Manufacturing sector buffers India's economic slowdown, HSBC report finds
Synopsis
Key Takeaways
India's manufacturing sector has helped cushion a broader deceleration in economic momentum even as key growth indicators weakened in April–May 2025, according to a report released on Tuesday, 7 July by HSBC Global Investment Research. The sector, which accounts for nearly 20 per cent of GDP, has shown remarkable resilience driven by export acceleration and precautionary inventory build-up.
What Is Driving Manufacturing Resilience
According to the HSBC report, energy-market uncertainty prompted businesses — particularly in consumer goods — to stock up inventories as a buffer against supply disruptions. Separately, lower US tariffs opened a window for Indian exporters to accelerate non-oil exports ahead of potential Section 301 measures, lending additional support to factory activity. The combination of these two forces has kept manufacturing output relatively buoyant even as broader momentum has softened.

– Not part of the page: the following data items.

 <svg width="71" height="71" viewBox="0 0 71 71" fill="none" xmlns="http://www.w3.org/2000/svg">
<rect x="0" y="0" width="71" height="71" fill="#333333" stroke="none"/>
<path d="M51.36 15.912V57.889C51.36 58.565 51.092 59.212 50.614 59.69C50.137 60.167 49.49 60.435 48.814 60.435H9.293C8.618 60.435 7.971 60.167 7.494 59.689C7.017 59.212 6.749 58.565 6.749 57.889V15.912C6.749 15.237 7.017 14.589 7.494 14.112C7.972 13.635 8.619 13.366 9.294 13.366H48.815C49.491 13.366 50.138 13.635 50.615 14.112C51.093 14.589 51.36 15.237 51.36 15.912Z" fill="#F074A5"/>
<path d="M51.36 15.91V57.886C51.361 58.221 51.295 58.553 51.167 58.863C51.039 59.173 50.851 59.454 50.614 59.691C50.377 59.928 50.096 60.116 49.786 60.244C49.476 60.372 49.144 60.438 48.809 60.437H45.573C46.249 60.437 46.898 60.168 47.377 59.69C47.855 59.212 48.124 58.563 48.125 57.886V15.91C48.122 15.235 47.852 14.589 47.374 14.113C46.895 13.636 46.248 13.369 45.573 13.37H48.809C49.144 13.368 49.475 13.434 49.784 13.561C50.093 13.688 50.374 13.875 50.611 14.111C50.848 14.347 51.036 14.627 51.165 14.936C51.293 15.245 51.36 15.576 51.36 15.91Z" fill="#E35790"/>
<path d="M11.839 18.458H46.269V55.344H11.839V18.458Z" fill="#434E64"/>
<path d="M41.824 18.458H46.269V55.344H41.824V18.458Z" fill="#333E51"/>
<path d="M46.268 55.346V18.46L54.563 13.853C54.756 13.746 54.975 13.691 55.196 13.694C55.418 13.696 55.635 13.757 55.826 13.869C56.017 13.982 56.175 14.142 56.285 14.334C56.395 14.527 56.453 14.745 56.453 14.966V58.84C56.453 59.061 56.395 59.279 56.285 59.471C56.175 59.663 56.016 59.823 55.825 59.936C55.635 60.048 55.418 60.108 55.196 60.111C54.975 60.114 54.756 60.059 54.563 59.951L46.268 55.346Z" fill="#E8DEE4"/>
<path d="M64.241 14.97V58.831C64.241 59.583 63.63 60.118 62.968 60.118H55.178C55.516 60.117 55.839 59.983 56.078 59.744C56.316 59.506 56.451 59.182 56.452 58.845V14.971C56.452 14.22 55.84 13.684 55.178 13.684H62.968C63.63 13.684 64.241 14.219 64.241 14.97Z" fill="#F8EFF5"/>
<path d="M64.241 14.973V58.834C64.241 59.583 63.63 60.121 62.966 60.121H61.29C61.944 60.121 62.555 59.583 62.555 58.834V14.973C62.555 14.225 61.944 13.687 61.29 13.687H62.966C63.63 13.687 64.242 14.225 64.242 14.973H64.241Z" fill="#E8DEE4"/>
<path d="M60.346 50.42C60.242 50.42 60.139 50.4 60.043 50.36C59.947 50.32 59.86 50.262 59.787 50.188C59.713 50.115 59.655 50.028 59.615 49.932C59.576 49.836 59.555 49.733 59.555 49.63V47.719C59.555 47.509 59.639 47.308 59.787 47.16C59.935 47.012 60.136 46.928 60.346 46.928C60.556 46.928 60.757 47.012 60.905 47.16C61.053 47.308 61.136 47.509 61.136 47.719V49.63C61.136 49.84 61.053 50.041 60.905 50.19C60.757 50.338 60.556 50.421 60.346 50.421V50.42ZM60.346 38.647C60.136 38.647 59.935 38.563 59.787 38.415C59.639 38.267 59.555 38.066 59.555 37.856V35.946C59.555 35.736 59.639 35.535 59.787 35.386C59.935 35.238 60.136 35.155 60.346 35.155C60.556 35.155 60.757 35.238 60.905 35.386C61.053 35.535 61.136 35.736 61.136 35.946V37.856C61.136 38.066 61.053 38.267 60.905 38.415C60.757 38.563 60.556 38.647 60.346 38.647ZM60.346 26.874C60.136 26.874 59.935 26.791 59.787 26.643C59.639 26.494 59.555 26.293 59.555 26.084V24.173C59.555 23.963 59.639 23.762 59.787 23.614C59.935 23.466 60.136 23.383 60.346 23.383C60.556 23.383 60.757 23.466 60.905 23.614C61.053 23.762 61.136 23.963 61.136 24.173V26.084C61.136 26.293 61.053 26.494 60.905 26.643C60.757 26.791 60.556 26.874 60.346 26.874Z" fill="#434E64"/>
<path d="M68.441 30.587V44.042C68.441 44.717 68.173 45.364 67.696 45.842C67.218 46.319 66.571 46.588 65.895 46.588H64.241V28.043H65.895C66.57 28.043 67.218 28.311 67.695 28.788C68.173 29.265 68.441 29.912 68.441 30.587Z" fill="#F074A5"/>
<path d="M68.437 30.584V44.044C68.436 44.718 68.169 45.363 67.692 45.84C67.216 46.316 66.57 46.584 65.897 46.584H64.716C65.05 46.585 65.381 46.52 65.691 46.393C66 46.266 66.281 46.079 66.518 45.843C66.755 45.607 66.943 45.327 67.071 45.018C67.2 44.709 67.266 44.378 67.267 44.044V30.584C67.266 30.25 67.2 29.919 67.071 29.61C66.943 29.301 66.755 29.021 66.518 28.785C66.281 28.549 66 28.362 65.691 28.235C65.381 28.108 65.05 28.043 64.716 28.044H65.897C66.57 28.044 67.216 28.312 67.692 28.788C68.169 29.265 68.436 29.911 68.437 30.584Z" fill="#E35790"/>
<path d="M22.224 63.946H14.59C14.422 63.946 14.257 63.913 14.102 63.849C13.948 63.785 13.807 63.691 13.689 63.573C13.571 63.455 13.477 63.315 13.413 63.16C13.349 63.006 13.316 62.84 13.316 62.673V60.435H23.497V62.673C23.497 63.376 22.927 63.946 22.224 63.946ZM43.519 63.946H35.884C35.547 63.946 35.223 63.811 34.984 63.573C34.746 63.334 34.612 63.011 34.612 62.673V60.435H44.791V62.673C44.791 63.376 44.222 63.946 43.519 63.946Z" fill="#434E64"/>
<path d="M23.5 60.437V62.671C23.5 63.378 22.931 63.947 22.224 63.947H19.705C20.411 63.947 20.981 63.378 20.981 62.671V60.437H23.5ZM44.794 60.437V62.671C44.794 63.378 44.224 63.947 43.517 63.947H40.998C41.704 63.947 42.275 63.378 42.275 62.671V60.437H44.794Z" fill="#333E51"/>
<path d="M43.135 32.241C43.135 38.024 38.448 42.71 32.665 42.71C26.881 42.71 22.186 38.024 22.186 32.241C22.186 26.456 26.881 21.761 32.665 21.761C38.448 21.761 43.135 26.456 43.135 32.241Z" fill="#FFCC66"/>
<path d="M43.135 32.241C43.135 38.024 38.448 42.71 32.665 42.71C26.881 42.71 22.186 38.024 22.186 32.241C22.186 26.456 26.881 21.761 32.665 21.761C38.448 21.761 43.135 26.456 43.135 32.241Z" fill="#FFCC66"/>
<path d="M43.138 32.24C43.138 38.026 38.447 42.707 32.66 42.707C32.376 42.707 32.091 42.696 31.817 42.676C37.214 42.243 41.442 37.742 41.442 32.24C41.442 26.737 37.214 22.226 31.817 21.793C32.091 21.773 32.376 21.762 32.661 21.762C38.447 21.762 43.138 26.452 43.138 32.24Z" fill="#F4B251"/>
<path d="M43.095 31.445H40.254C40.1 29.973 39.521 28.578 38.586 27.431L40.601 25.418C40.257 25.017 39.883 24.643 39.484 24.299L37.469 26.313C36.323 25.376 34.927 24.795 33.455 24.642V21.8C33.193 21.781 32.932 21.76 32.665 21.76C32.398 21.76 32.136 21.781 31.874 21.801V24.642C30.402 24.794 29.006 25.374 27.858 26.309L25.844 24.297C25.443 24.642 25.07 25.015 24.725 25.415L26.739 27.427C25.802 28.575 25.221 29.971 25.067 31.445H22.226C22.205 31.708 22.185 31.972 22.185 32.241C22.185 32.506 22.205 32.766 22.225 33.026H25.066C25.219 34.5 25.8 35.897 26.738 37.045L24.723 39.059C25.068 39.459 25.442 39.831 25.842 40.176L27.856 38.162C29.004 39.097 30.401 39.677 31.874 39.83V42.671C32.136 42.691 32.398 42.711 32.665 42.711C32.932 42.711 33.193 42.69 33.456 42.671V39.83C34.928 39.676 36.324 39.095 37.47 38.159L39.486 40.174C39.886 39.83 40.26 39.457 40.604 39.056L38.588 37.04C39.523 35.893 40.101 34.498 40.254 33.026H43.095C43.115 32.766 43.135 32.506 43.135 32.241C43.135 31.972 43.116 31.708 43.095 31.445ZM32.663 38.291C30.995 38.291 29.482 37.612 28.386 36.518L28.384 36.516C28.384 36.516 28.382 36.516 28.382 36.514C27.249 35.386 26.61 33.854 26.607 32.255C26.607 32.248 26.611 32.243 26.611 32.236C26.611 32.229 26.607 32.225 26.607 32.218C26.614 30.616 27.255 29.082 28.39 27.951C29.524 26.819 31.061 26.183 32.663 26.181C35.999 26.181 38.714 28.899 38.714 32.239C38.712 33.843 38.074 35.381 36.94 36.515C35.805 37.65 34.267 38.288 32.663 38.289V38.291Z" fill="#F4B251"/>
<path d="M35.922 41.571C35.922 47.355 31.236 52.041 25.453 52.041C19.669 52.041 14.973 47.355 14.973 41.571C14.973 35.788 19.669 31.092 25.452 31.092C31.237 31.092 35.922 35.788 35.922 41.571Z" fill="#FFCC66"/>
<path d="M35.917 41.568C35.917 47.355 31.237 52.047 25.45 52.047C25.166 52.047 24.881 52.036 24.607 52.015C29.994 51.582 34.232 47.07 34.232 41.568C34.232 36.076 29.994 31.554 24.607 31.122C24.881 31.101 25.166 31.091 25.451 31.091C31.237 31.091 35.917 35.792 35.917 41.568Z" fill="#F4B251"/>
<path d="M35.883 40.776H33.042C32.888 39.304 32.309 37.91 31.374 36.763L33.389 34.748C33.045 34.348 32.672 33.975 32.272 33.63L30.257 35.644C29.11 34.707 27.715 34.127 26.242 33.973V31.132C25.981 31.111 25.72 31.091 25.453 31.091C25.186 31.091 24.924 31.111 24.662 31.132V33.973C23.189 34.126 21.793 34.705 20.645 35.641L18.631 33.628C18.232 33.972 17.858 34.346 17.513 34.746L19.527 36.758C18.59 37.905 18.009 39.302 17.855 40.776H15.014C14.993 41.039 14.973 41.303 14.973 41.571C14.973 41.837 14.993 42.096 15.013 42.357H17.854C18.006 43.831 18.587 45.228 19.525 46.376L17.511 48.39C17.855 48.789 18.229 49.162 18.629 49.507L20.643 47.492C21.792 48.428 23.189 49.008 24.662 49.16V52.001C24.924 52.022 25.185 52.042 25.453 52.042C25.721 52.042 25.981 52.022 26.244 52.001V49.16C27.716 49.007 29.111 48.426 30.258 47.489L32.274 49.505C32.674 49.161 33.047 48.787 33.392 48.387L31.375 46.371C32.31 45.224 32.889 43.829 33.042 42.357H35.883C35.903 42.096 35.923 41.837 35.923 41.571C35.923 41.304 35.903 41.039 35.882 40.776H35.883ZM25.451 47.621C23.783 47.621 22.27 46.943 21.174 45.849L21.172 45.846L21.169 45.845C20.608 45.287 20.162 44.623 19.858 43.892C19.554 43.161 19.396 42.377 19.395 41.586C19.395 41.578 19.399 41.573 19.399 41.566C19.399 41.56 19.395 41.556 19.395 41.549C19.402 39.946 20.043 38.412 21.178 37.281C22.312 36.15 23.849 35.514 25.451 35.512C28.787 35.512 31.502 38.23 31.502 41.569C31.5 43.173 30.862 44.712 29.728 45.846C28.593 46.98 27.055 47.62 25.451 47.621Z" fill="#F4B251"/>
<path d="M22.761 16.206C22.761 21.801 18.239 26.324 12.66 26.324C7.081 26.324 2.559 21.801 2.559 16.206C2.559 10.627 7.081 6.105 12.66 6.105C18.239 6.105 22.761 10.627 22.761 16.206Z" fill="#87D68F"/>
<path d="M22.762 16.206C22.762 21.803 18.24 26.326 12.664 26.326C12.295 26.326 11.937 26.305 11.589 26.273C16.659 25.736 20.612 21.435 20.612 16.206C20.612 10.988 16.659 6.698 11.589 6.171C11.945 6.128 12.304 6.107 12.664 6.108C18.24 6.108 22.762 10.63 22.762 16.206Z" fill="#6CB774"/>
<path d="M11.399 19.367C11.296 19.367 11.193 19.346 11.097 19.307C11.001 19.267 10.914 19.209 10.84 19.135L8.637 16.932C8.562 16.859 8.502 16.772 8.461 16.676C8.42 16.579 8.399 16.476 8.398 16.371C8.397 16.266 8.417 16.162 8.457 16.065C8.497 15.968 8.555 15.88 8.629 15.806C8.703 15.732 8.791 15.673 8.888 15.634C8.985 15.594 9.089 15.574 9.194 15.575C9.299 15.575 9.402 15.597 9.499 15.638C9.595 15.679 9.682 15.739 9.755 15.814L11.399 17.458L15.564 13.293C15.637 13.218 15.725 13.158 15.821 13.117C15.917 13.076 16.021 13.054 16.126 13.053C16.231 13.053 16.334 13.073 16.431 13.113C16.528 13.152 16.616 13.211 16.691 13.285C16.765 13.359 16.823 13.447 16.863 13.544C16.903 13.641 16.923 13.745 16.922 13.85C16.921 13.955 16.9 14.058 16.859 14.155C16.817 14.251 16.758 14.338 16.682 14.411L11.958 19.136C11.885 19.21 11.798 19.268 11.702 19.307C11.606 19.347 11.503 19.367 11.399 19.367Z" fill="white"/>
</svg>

Growth Indicators Signal Weakening Momentum
HSBC's database of 100 growth indicators points to easing momentum in the April–May period. The report also flagged the elevated probability of a strong El Niño event and a weak monsoon as material risks to agriculture and rural demand. Temperatures are reportedly trending above normal, rainfall is running approximately 30 per cent below normal, and reservoir levels remain below last year's — a combination that raises concerns for the kharif crop season.
Two Bright Spots Outside Agriculture
The report identified two positive drivers for growth beyond the farm sector. First, a pullback in oil prices toward pre-war levels is expected to lift the trade and transport sector, which contributes roughly 15 per cent of GDP. Second, easier financial conditions — supported by a foreign exchange package that has already begun pushing yields lower across instruments — could stimulate the financial sector, which makes up approximately 25 per cent of GDP. Notably, yield compression was visible even before package-induced capital inflows fully materialised.
Rural Demand Under Pressure
Agriculture, which represents close to 20 per cent of GDP, faces a more difficult outlook. The HSBC report noted that rural demand is already showing early signs of strain: youth unemployment has risen faster in rural areas than in urban ones, two-wheeler sales have slowed, growth in rural bank balances has moderated, and domestic GST collections softened in June. 'Rural demand is already showing early signs of strain,' the report stated, pointing to these indicators as a cluster of warning signals rather than isolated data points.
Outlook and Key Risks
India's services sector, which accounts for 55 per cent of GDP, remains the largest single pillar of growth and has so far been insulated from the agricultural and rural headwinds. The near-term trajectory of the economy will hinge on monsoon performance, the pace of capital inflows following the FX package, and whether the export window ahead of Section 301 tariffs remains open. With manufacturing providing a floor and services holding steady, the broader slowdown appears contained for now — though the agricultural outlook introduces meaningful downside risk into the second half of the year.